# EnergyStar Tax credits for insulation



## Jay H (Jan 22, 2007)

Can anybody explain the process or qualifications of claiming tax credits for home improvement work done in 2006, with respects to adding/replacing worn insulation in my attic? I replaced old insulation with R19 in the attic walls and added unfaced R25 to the floor gaps on top of existing insulation.  I saw this on EnergyStar.com:



> Tax credits are available for many types of home improvements including adding insulation, replacement windows, and certain high efficiency heating and cooling equipment. See chart. The maximum amount of homeowner credit for all improvements combined is $500 during the two year period of the tax credit. This tax credit applies to improvements made to your primary residence from January 1, 2006 through December 31, 2007.

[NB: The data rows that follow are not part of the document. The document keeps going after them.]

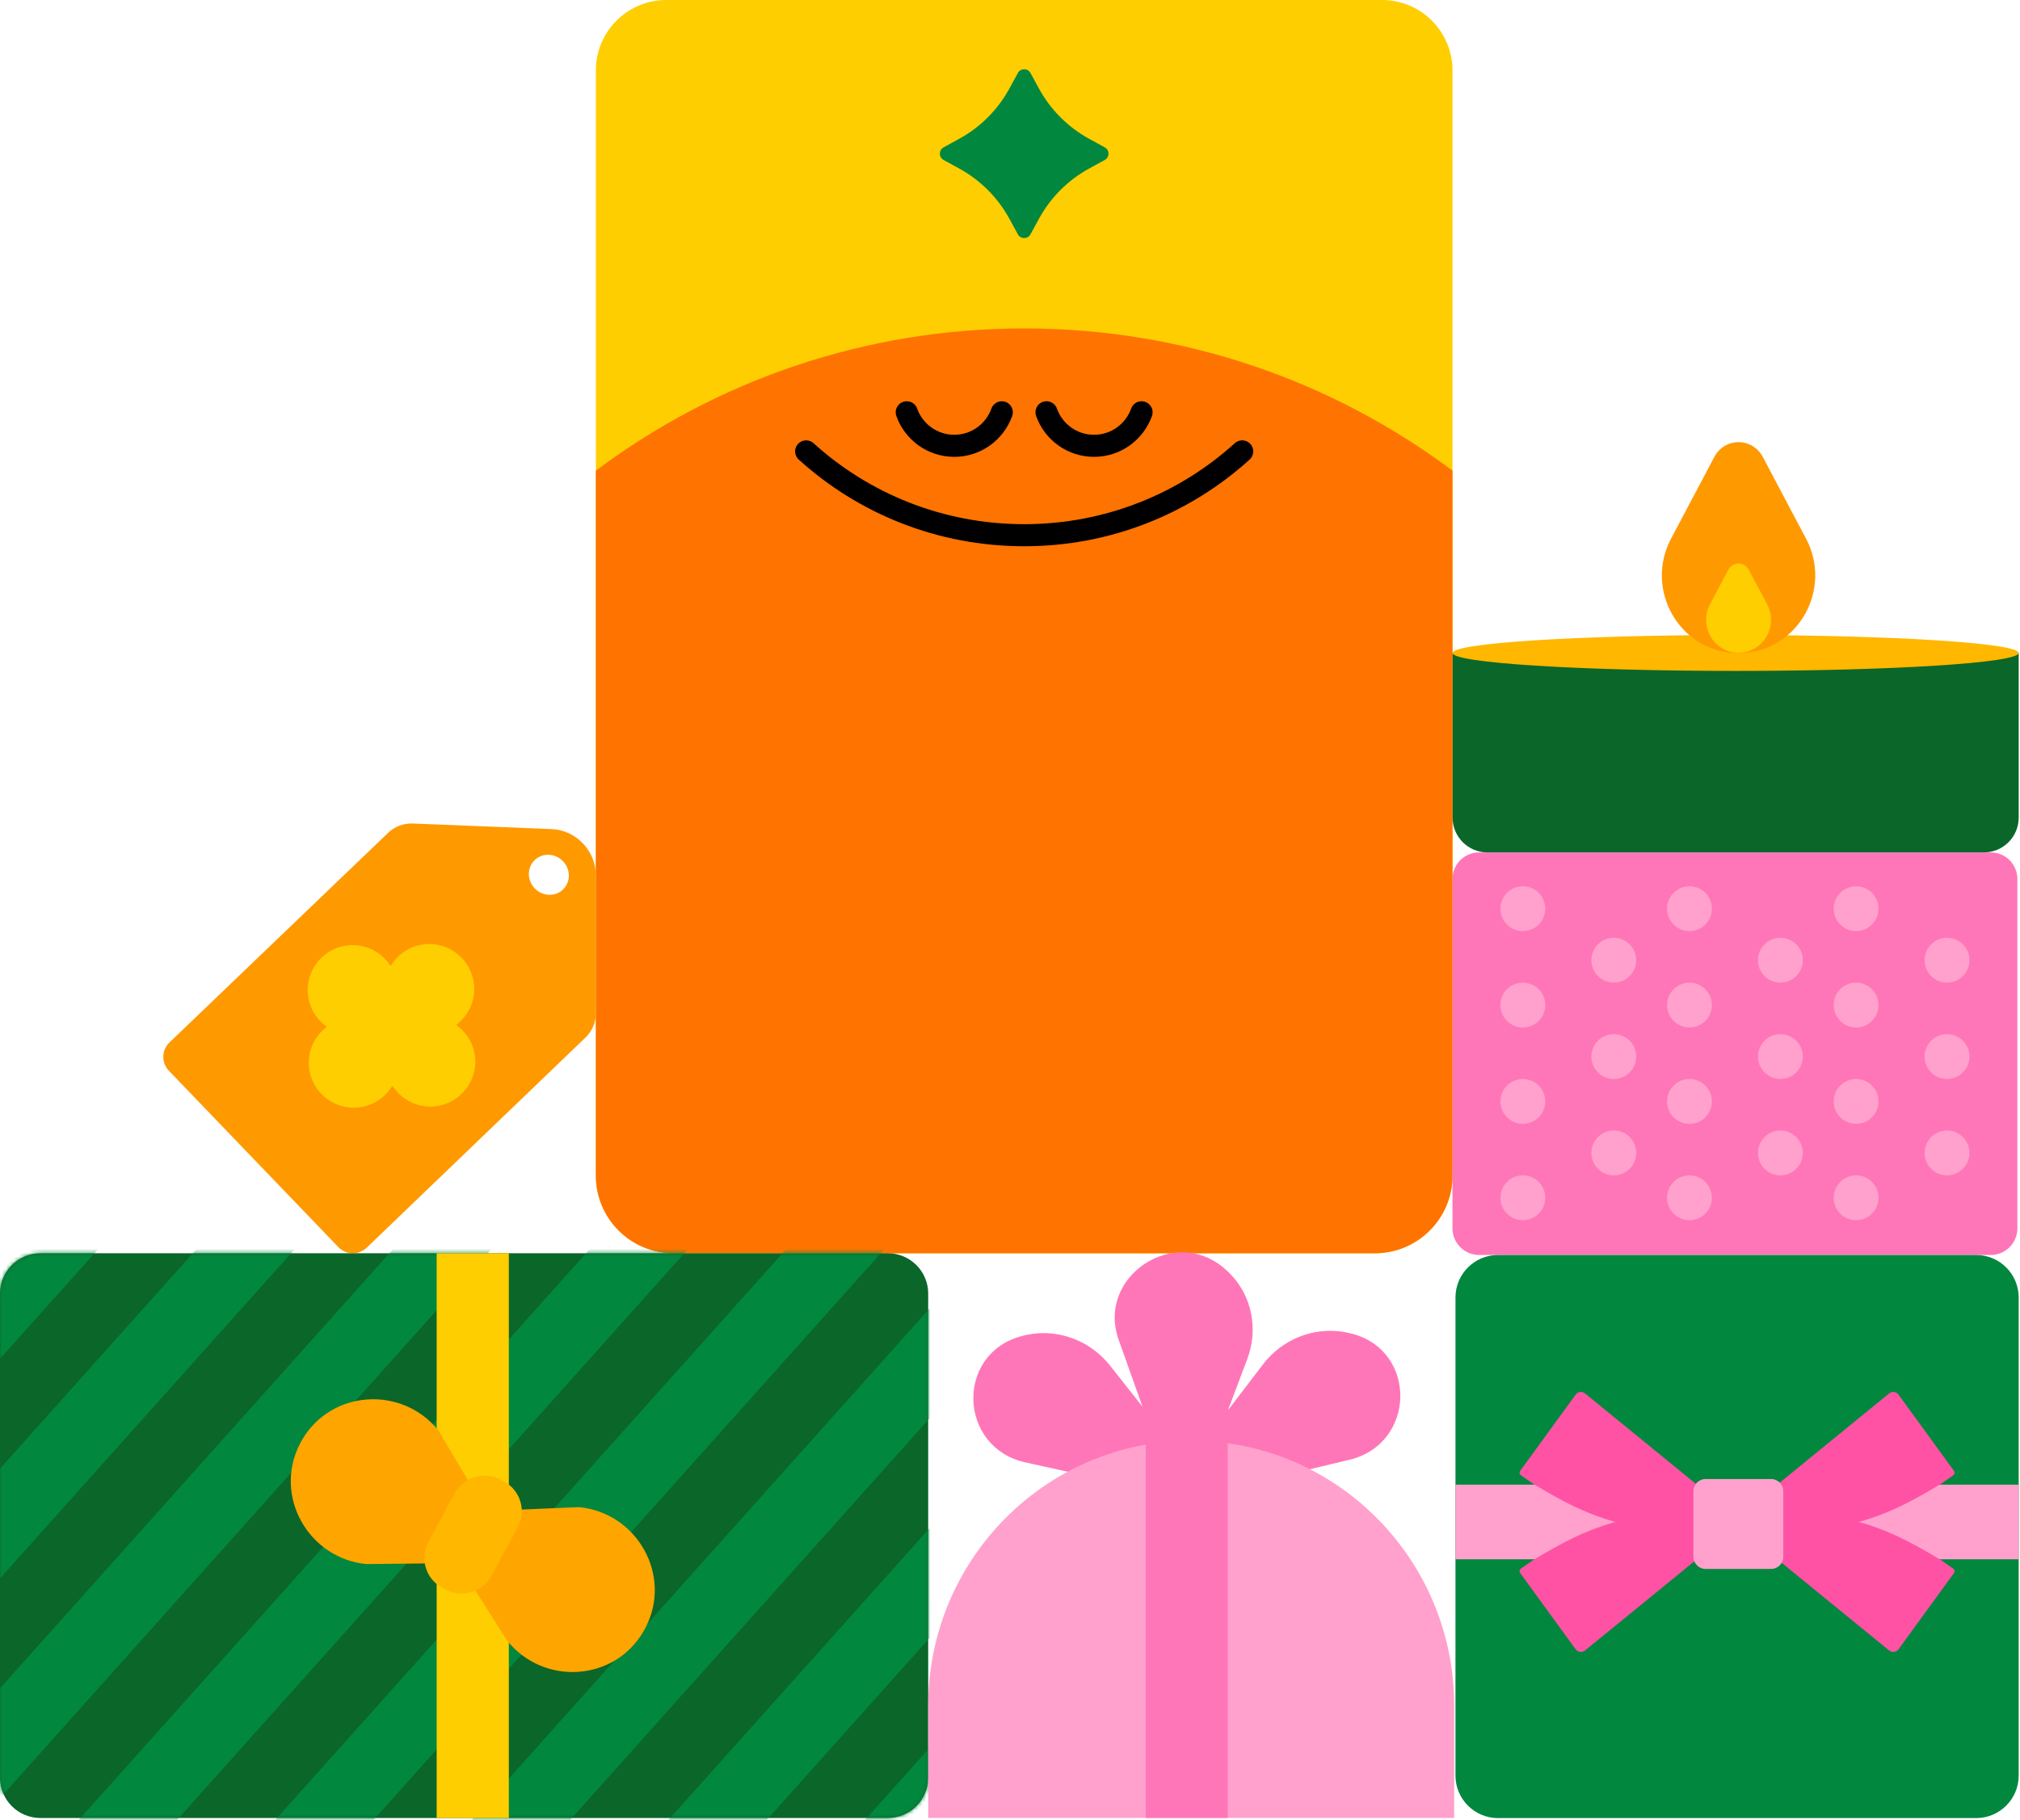 <svg width="507" height="457" viewBox="0 0 507 457" fill="none" xmlns="http://www.w3.org/2000/svg">
<path d="M346.886 0H167.229C157.471 0 149.552 7.926 149.552 17.694V295.133C149.552 305.899 158.278 314.631 169.05 314.631H345.065C355.832 314.631 364.563 305.899 364.563 295.133V17.694C364.563 7.926 356.643 0 346.886 0Z" fill="#FFCE00"/>
<path fill-rule="evenodd" clip-rule="evenodd" d="M149.552 118.152V295.132C149.552 305.899 158.278 314.631 169.05 314.631H345.065C355.832 314.631 364.563 305.899 364.563 295.132V118.157C334.578 95.73 297.364 82.452 257.057 82.452C216.75 82.452 179.542 95.73 149.557 118.152H149.552Z" fill="#FF7300"/>
<path d="M286.521 103.502C284.777 108.406 280.098 111.921 274.592 111.921C269.085 111.921 264.407 108.411 262.663 103.502" stroke="black" stroke-width="5.542" stroke-linecap="round" stroke-linejoin="round"/>
<path d="M251.442 103.502C249.697 108.406 245.019 111.921 239.512 111.921C234.006 111.921 229.327 108.411 227.583 103.502" stroke="black" stroke-width="5.542" stroke-linecap="round" stroke-linejoin="round"/>
<path d="M311.778 113.32C297.376 126.39 278.157 134.365 257.057 134.365C235.958 134.365 216.739 126.385 202.336 113.32" stroke="black" stroke-width="5.542" stroke-linecap="round" stroke-linejoin="round"/>
<path d="M273.369 42.304L277.285 40.16C278.536 39.479 278.536 37.68 277.285 36.995L273.369 34.85C268.054 31.938 263.683 27.567 260.776 22.246L258.637 18.325C257.957 17.074 256.158 17.074 255.478 18.325L253.339 22.246C250.432 27.567 246.061 31.943 240.746 34.85L236.83 36.995C235.579 37.675 235.579 39.474 236.83 40.16L240.746 42.304C246.061 45.216 250.432 49.588 253.339 54.908L255.478 58.829C256.158 60.08 257.957 60.08 258.637 58.829L260.776 54.908C263.683 49.588 268.054 45.211 273.369 42.304Z" fill="#02873E"/>
<path d="M138.434 208.139L103.656 206.741C101.325 206.648 99.081 207.481 97.43 209.066L42.545 261.698C40.538 263.623 40.472 266.815 42.397 268.822L84.925 313.084C86.85 315.091 90.043 315.152 92.05 313.226L146.87 260.551C148.532 258.961 149.541 256.822 149.541 254.469L149.53 219.685C149.53 213.553 144.561 208.386 138.434 208.139ZM141.303 223.31C139.345 225.191 136.169 225.065 134.205 223.025C132.242 220.985 132.242 217.803 134.205 215.922C136.163 214.041 139.339 214.167 141.303 216.207C143.266 218.248 143.266 221.429 141.303 223.31Z" fill="#FF9900"/>
<path d="M0 324.761L0 446.269C0 451.867 4.538 456.405 10.136 456.405H222.833C228.431 456.405 232.969 451.867 232.969 446.269V324.761C232.969 319.163 228.431 314.625 222.833 314.625H10.136C4.538 314.625 0 319.163 0 324.761Z" fill="#0B662A"/>
<mask id="mask0_1212_2692" style="mask-type:luminance" maskUnits="userSpaceOnUse" x="0" y="314" width="233" height="143">
<path d="M0 324.761L0 446.269C0 451.867 4.538 456.405 10.136 456.405H222.833C228.431 456.405 232.969 451.867 232.969 446.269V324.761C232.969 319.163 228.431 314.625 222.833 314.625H10.136C4.538 314.625 0 319.163 0 324.761Z" fill="white"/>
</mask>
<g mask="url(#mask0_1212_2692)">
<path d="M-102.131 455.258L-114.466 441.475L131.808 166.264L144.144 180.047L-102.131 455.258Z" fill="#02873E"/>
<path d="M-77.46 482.83L-89.796 469.047L156.479 193.835L168.814 207.618L-77.46 482.83Z" fill="#02873E"/>
<path d="M-52.785 510.402L-65.125 496.619L181.149 221.407L193.49 235.19L-52.785 510.402Z" fill="#02873E"/>
<path d="M-28.115 537.974L-40.45 524.185L205.825 248.973L218.16 262.762L-28.115 537.974Z" fill="#02873E"/>
<path d="M-3.456 565.529L-15.791 551.746L230.484 276.534L242.819 290.317L-3.456 565.529Z" fill="#02873E"/>
<path d="M21.215 593.1L8.88 579.312L255.154 304.1L267.489 317.889L21.215 593.1Z" fill="#02873E"/>
<path d="M45.885 620.672L33.55 606.883L279.825 331.672L292.16 345.46L45.885 620.672Z" fill="#02873E"/>
<path d="M70.555 648.238L58.22 634.455L304.495 359.243L316.83 373.026L70.555 648.238Z" fill="#02873E"/>
</g>
<path d="M339.197 334.804C338.939 334.738 338.67 334.677 338.412 334.612C338.1 334.546 337.781 334.48 337.474 334.42C329.675 333.016 321.761 336.284 317.011 342.504L308.197 354.049L313.067 341.144C315.815 333.855 314.318 325.567 308.877 319.913C308.658 319.688 308.438 319.463 308.208 319.243C308.016 319.057 307.813 318.87 307.621 318.695C294.929 307.309 275.108 320.428 280.773 336.35L286.741 353.122L278.596 342.811C273.742 336.668 265.773 333.52 258.001 335.056C257.688 335.116 257.376 335.182 257.068 335.259C256.805 335.319 256.542 335.385 256.284 335.462C239.715 339.987 240.57 363.412 257.354 367.13L292.308 374.886L289.818 378.149L295.193 376.866L297.337 382.904L299.74 376.537L306.409 378.018L303.864 374.793L338.686 366.478C355.398 362.485 355.87 339.054 339.229 334.793H339.218L339.197 334.804Z" fill="#FF76B8"/>
<path d="M298.977 361.684C335.406 361.684 364.991 391.493 364.991 428.225V456.394H232.968V428.225C232.968 391.499 262.542 361.684 298.982 361.684H298.977Z" fill="#FFA1CC"/>
<path d="M308.142 355.958H287.574V456.389H308.142V355.958Z" fill="#FF76B8"/>
<path d="M499.668 213.997H371.238C367.551 213.997 364.563 216.986 364.563 220.672V308.383C364.563 312.07 367.551 315.058 371.238 315.058H499.668C503.354 315.058 506.343 312.07 506.343 308.383V220.672C506.343 216.986 503.354 213.997 499.668 213.997Z" fill="#FF76B8"/>
<path d="M382.218 233.753C385.326 233.753 387.845 231.233 387.845 228.126C387.845 225.018 385.326 222.498 382.218 222.498C379.11 222.498 376.591 225.018 376.591 228.126C376.591 231.233 379.11 233.753 382.218 233.753Z" fill="#FFA1CC"/>
<path d="M382.218 257.946C385.326 257.946 387.845 255.427 387.845 252.319C387.845 249.211 385.326 246.691 382.218 246.691C379.11 246.691 376.591 249.211 376.591 252.319C376.591 255.427 379.11 257.946 382.218 257.946Z" fill="#FFA1CC"/>
<path d="M382.218 282.139C385.326 282.139 387.845 279.62 387.845 276.512C387.845 273.404 385.326 270.885 382.218 270.885C379.11 270.885 376.591 273.404 376.591 276.512C376.591 279.62 379.11 282.139 382.218 282.139Z" fill="#FFA1CC"/>
<path d="M382.218 306.327C385.326 306.327 387.845 303.807 387.845 300.699C387.845 297.592 385.326 295.072 382.218 295.072C379.11 295.072 376.591 297.592 376.591 300.699C376.591 303.807 379.11 306.327 382.218 306.327Z" fill="#FFA1CC"/>
<path d="M405.046 246.686C408.153 246.686 410.673 244.167 410.673 241.059C410.673 237.951 408.153 235.431 405.046 235.431C401.938 235.431 399.418 237.951 399.418 241.059C399.418 244.167 401.938 246.686 405.046 246.686Z" fill="#FFA1CC"/>
<path d="M405.046 270.879C408.153 270.879 410.673 268.36 410.673 265.252C410.673 262.144 408.153 259.624 405.046 259.624C401.938 259.624 399.418 262.144 399.418 265.252C399.418 268.36 401.938 270.879 405.046 270.879Z" fill="#FFA1CC"/>
<path d="M405.046 295.072C408.153 295.072 410.673 292.553 410.673 289.445C410.673 286.337 408.153 283.817 405.046 283.817C401.938 283.817 399.418 286.337 399.418 289.445C399.418 292.553 401.938 295.072 405.046 295.072Z" fill="#FFA1CC"/>
<path d="M424.039 233.753C427.147 233.753 429.667 231.233 429.667 228.126C429.667 225.018 427.147 222.498 424.039 222.498C420.931 222.498 418.412 225.018 418.412 228.126C418.412 231.233 420.931 233.753 424.039 233.753Z" fill="#FFA1CC"/>
<path d="M424.039 257.946C427.147 257.946 429.667 255.427 429.667 252.319C429.667 249.211 427.147 246.691 424.039 246.691C420.931 246.691 418.412 249.211 418.412 252.319C418.412 255.427 420.931 257.946 424.039 257.946Z" fill="#FFA1CC"/>
<path d="M424.039 282.139C427.147 282.139 429.667 279.62 429.667 276.512C429.667 273.404 427.147 270.885 424.039 270.885C420.931 270.885 418.412 273.404 418.412 276.512C418.412 279.62 420.931 282.139 424.039 282.139Z" fill="#FFA1CC"/>
<path d="M424.039 306.327C427.147 306.327 429.667 303.807 429.667 300.699C429.667 297.592 427.147 295.072 424.039 295.072C420.931 295.072 418.412 297.592 418.412 300.699C418.412 303.807 420.931 306.327 424.039 306.327Z" fill="#FFA1CC"/>
<path d="M446.861 246.686C449.969 246.686 452.488 244.167 452.488 241.059C452.488 237.951 449.969 235.431 446.861 235.431C443.753 235.431 441.234 237.951 441.234 241.059C441.234 244.167 443.753 246.686 446.861 246.686Z" fill="#FFA1CC"/>
<path d="M446.861 270.879C449.969 270.879 452.488 268.36 452.488 265.252C452.488 262.144 449.969 259.624 446.861 259.624C443.753 259.624 441.234 262.144 441.234 265.252C441.234 268.36 443.753 270.879 446.861 270.879Z" fill="#FFA1CC"/>
<path d="M446.861 295.072C449.969 295.072 452.488 292.553 452.488 289.445C452.488 286.337 449.969 283.817 446.861 283.817C443.753 283.817 441.234 286.337 441.234 289.445C441.234 292.553 443.753 295.072 446.861 295.072Z" fill="#FFA1CC"/>
<path d="M465.86 233.753C468.968 233.753 471.488 231.233 471.488 228.126C471.488 225.018 468.968 222.498 465.86 222.498C462.752 222.498 460.233 225.018 460.233 228.126C460.233 231.233 462.752 233.753 465.86 233.753Z" fill="#FFA1CC"/>
<path d="M465.86 257.946C468.968 257.946 471.488 255.427 471.488 252.319C471.488 249.211 468.968 246.691 465.86 246.691C462.752 246.691 460.233 249.211 460.233 252.319C460.233 255.427 462.752 257.946 465.86 257.946Z" fill="#FFA1CC"/>
<path d="M465.86 282.139C468.968 282.139 471.488 279.62 471.488 276.512C471.488 273.404 468.968 270.885 465.86 270.885C462.752 270.885 460.233 273.404 460.233 276.512C460.233 279.62 462.752 282.139 465.86 282.139Z" fill="#FFA1CC"/>
<path d="M465.86 306.327C468.968 306.327 471.488 303.807 471.488 300.699C471.488 297.592 468.968 295.072 465.86 295.072C462.752 295.072 460.233 297.592 460.233 300.699C460.233 303.807 462.752 306.327 465.86 306.327Z" fill="#FFA1CC"/>
<path d="M488.682 246.686C491.79 246.686 494.309 244.167 494.309 241.059C494.309 237.951 491.79 235.431 488.682 235.431C485.574 235.431 483.055 237.951 483.055 241.059C483.055 244.167 485.574 246.686 488.682 246.686Z" fill="#FFA1CC"/>
<path d="M488.682 270.879C491.79 270.879 494.309 268.36 494.309 265.252C494.309 262.144 491.79 259.624 488.682 259.624C485.574 259.624 483.055 262.144 483.055 265.252C483.055 268.36 485.574 270.879 488.682 270.879Z" fill="#FFA1CC"/>
<path d="M488.682 295.072C491.79 295.072 494.309 292.553 494.309 289.445C494.309 286.337 491.79 283.817 488.682 283.817C485.574 283.817 483.055 286.337 483.055 289.445C483.055 292.553 485.574 295.072 488.682 295.072Z" fill="#FFA1CC"/>
<path d="M364.585 163.927V205.26C364.585 210.086 368.496 213.997 373.322 213.997H497.935C502.762 213.997 506.672 210.086 506.672 205.26V163.927" fill="#0B662A"/>
<path d="M435.629 168.43C474.865 168.43 506.672 166.414 506.672 163.927C506.672 161.44 474.865 159.424 435.629 159.424C396.392 159.424 364.585 161.44 364.585 163.927C364.585 166.414 396.392 168.43 435.629 168.43Z" fill="#FFB700"/>
<path d="M442.408 114.642L453.317 135.259C459.97 147.824 451.425 163.351 437.219 163.927H435.486C421.281 163.351 412.746 147.83 419.405 135.259L430.314 114.642C430.895 113.545 431.767 112.623 432.831 111.982C433.895 111.34 435.119 111 436.358 111C437.598 111 438.821 111.34 439.885 111.982C440.949 112.623 441.821 113.545 442.402 114.642H442.408Z" fill="#FF9900"/>
<path d="M438.919 143.009L443.543 151.724C446.362 157.044 442.742 163.62 436.731 163.861H435.996C429.985 163.62 426.37 157.049 429.184 151.724L433.802 142.998C434.049 142.531 434.417 142.147 434.872 141.873C435.322 141.604 435.837 141.462 436.364 141.462C436.89 141.462 437.406 141.61 437.855 141.879C438.305 142.153 438.673 142.542 438.919 143.009Z" fill="#FFCE00"/>
<path d="M109.601 456.416H127.711V314.625H109.601V456.416Z" fill="#FFCE00"/>
<path d="M122.024 379.328L145.367 378.368C159.879 379.8 168.715 395.376 162.133 408.403L161.826 408.984L161.508 409.549C154.186 422.219 136.311 423.25 127.218 411.787L114.926 392.409L91.984 392.661C77.46 391.263 68.603 375.675 75.195 362.633L75.491 362.057L75.809 361.492C83.132 348.861 100.99 347.786 110.094 359.188L122.018 379.328H122.024Z" fill="#FFA500"/>
<path d="M114.115 374.908L107.539 387.029C105.29 391.175 106.826 396.358 110.972 398.601L111.789 399.046C115.936 401.294 121.119 399.759 123.362 395.612L129.938 383.491C132.187 379.345 130.651 374.162 126.505 371.913L125.688 371.469C121.541 369.22 116.358 370.756 114.109 374.902L114.115 374.908Z" fill="#FFB700"/>
<path d="M98.319 272.799C96.366 275.909 92.933 278.004 88.989 278.08C82.655 278.207 77.433 273.029 77.493 266.694C77.532 263.146 79.216 259.975 81.821 257.93C81.925 257.847 81.92 257.694 81.821 257.617C79.15 255.653 77.373 252.538 77.236 248.984C76.989 242.655 82.057 237.329 88.397 237.269C92.341 237.23 95.834 239.227 97.875 242.282C97.957 242.402 98.127 242.397 98.204 242.276C100.156 239.166 103.59 237.071 107.533 236.995C113.868 236.868 119.09 242.046 119.029 248.381C118.991 251.929 117.307 255.1 114.702 257.14C114.598 257.222 114.603 257.376 114.702 257.452C117.373 259.421 119.144 262.537 119.287 266.085C119.534 272.415 114.466 277.74 108.126 277.801C104.182 277.839 100.688 275.843 98.648 272.788C98.566 272.667 98.396 272.673 98.319 272.793V272.799Z" fill="#FFCE00"/>
<path d="M495.993 315.064H375.988C370.09 315.064 365.309 319.845 365.309 325.742V445.748C365.309 451.646 370.09 456.427 375.988 456.427H495.993C501.891 456.427 506.672 451.646 506.672 445.748V325.742C506.672 319.845 501.891 315.064 495.993 315.064Z" fill="#02873E"/>
<path d="M506.672 391.455V372.719H365.309V391.455H506.672Z" fill="#FFA1CC"/>
<path d="M440.614 377.183V385.959L453.24 384.675C467.95 382.597 474.63 380.101 487.338 372.406L490.245 370.366C490.607 370.113 490.689 369.614 490.431 369.258L476.506 350.116C475.957 349.359 474.882 349.222 474.158 349.815L440.614 377.183Z" fill="#FF52A5"/>
<path d="M431.367 377.183V385.959L418.741 384.676C404.031 382.597 397.35 380.101 384.642 372.406L381.735 370.366C381.373 370.114 381.291 369.615 381.549 369.258L395.475 350.116C396.023 349.36 397.098 349.222 397.822 349.815L431.367 377.183Z" fill="#FF52A5"/>
<path d="M431.367 386.985V378.209L418.741 379.492C404.031 381.571 397.35 384.067 384.642 391.762L381.735 393.802C381.373 394.054 381.291 394.553 381.549 394.91L395.475 414.052C396.023 414.808 397.098 414.946 397.822 414.353L431.367 386.985Z" fill="#FF52A5"/>
<path d="M440.614 386.985V378.209L453.24 379.492C467.95 381.571 474.63 384.067 487.338 391.762L490.245 393.802C490.607 394.054 490.689 394.553 490.431 394.91L476.506 414.052C475.957 414.808 474.882 414.946 474.158 414.353L440.614 386.985Z" fill="#FF52A5"/>
<path d="M444.535 371.309H428.081C426.394 371.309 425.026 372.677 425.026 374.364V390.818C425.026 392.506 426.394 393.873 428.081 393.873H444.535C446.223 393.873 447.59 392.506 447.59 390.818V374.364C447.59 372.677 446.223 371.309 444.535 371.309Z" fill="#FFA1CC"/>
</svg>

Scroll down to insulation..
http://www.energystar.gov/index.cfm?c=products.pr_tax_credits#chart

So can I claim the 10% of the price I paid for the insulation for the tax credit. (I certainly qualify for the $500 part, I didn't buy $5000 of insulation!).

Jay

P.s. I didn't think was "HOT" enough for the Ash Can... but certainly not about wood stoves... so I guess I put this here... it is somewhat green cause I have insulated and should be conserving wood..


----------



## Harley (Jan 23, 2007)

Hi, Jay...

Without getting into a lot of details, it sounds like you may be able to get the credit for 10% of the cost of the insulation...  have to finish reading the IRS bulletin myself, but here is the link - its a little wordy.

http://www.irs.gov/pub/irs-drop/n-06-26.pdf

A quick read through it made me a little concerned about the documentation (but that's on some of the other stuff there... not specifically insulation), but - I'll see if I can point you where you need to put it on the form and edit the post here in a little bit - off the top of my head - I think you should be OK

EDIT:

Here's the form you would need to file
http://www.irs.gov/pub/irs-pdf/f5695.pdf

Based on your post only (and I'm assuming you are doing your own returns) - you would mainly be concerned with part 1. Specifically Item 1, and 2a... then just follow the math down to line 12... Part 2 probably doesn't apply, so on line 31 put in the amount from line 12, and take the credit on form 1040, line 52.

You don't need to document anything in the return... I'd just hang onto the reciept and make sure it shows what you bought - you should be fine taking that credit


----------



## sgcsalsero (Jan 23, 2007)

do you use turbotax, I haven't filed myself and had this question, I did a quick search & came upon this forum, maybe worth checking out http://forums.turbotax.com/intuit/board?board.id=credits06


----------



## begreen (Jan 23, 2007)

Yeah, we pegged the needle at $500 without any problem. Too bad the $500 is capped at the sum of all improvements. It should be cumulative if they really want it to be an incentive. One could spend $5000 on windows alone without even trying. Oh well, we also get a sales tax deduction this year, so there's something else to add to the schedule. But I prefer credits right off the top.


----------



## Jay H (Jan 23, 2007)

Thanks all!!  

I have always filed my own taxes because I am fairly simple when it comes to income, I work and live in the same state, I don't own stock (no capital gains), no other source of income besides interest (1099-INT) and this is the first year of my mortgage so I got the Mortgage Interest Statement not long ago.  So traditionally, I've always done my own state and federal.  I have a $6 coupon for Staples (from recycling HP toner cartradges I can scrounge at work for free) that I'm considering buying TurboTax (fed and state) or HR TaxCut which is a bit cheaper... I've heard good things about both and Staples offers a bunch of other free software with it...   

I might buy that cause of my coupon...

Jay


----------



## Harley (Jan 23, 2007)

TurboTax makes a pretty good product.  It is pretty easy to use, so I'm sure you'd have no problems with it.  Since you are used to doing them manually... you should not have any problems with catching something that might have been entered wrong or put in the wrong place.  I believe the "deluxe" version gives you one free state.


----------